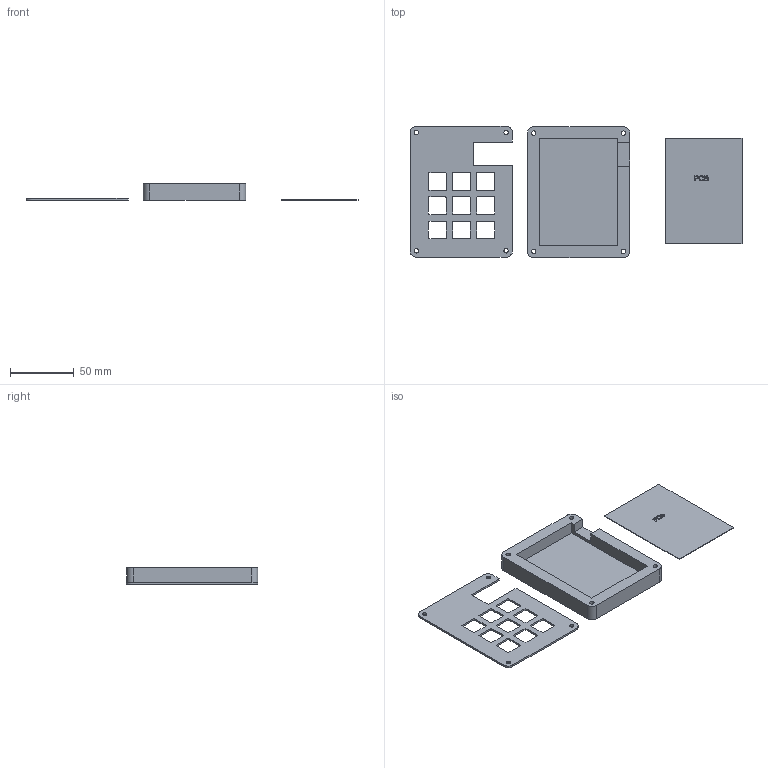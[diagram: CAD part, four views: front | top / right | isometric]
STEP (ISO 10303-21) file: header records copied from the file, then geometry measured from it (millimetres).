
FILE_DESCRIPTION(/* description */ (''),/* implementation_level */ '2;1');
FILE_NAME(/* name */ 'Macropad_by_Jannis.step',/* time_stamp */ '2025-12-13T20:48:53+01:00',/* author */ (''),/* organization */ (''),/* preprocessor_version */ 'ST-DEVELOPER v20.1',/* originating_system */ 'Autodesk Translation Framework v14.21.0.0',/* authorisation */ '');
FILE_SCHEMA (('AUTOMOTIVE_DESIGN { 1 0 10303 214 3 1 1 }'));
Length unit declared in the file: millimetre
Products named in the file (3): Macropad_by_Jannis; Macropad by Jannis; Macropad_by_Jannis_top
Assembly tree (2 placements, depth 2):
  Macropad_by_Jannis
    Macropad by Jannis
    Macropad_by_Jannis_top
Bounding box: 261.34 x 103.55 x 13 mm (x, y, z)
Volume: 65272.4 mm3; surface area: 48171 mm2
Topology: 3 solids, 3 shells, 580 faces, 1620 edges, 1080 vertices
Faces by surface type: bspline 320, plane 204, cylinder 56
Full cylindrical faces by diameter (mm): 3.4 x4, 3.5 x4, 6 x4
Entity records: 21688 total; most frequent: CARTESIAN_POINT 8725, ORIENTED_EDGE 3240, DIRECTION 1622, EDGE_CURVE 1620, VERTEX_POINT 1080, LINE 868, VECTOR 868, EDGE_LOOP 648
------------------------------------------------------------------------
- [DESCRIPTION OF THE TASK]
Every line above that has the string "records" needs to be copied.

- [RESPONSE AREA]
STEP (ISO 10303-21) file: header records copied from the file, then geometry measured from it (millimetres).
Entity records: 21688 total; most frequent: CARTESIAN_POINT 8725, ORIENTED_EDGE 3240, DIRECTION 1622, EDGE_CURVE 1620, VERTEX_POINT 1080, LINE 868, VECTOR 868, EDGE_LOOP 648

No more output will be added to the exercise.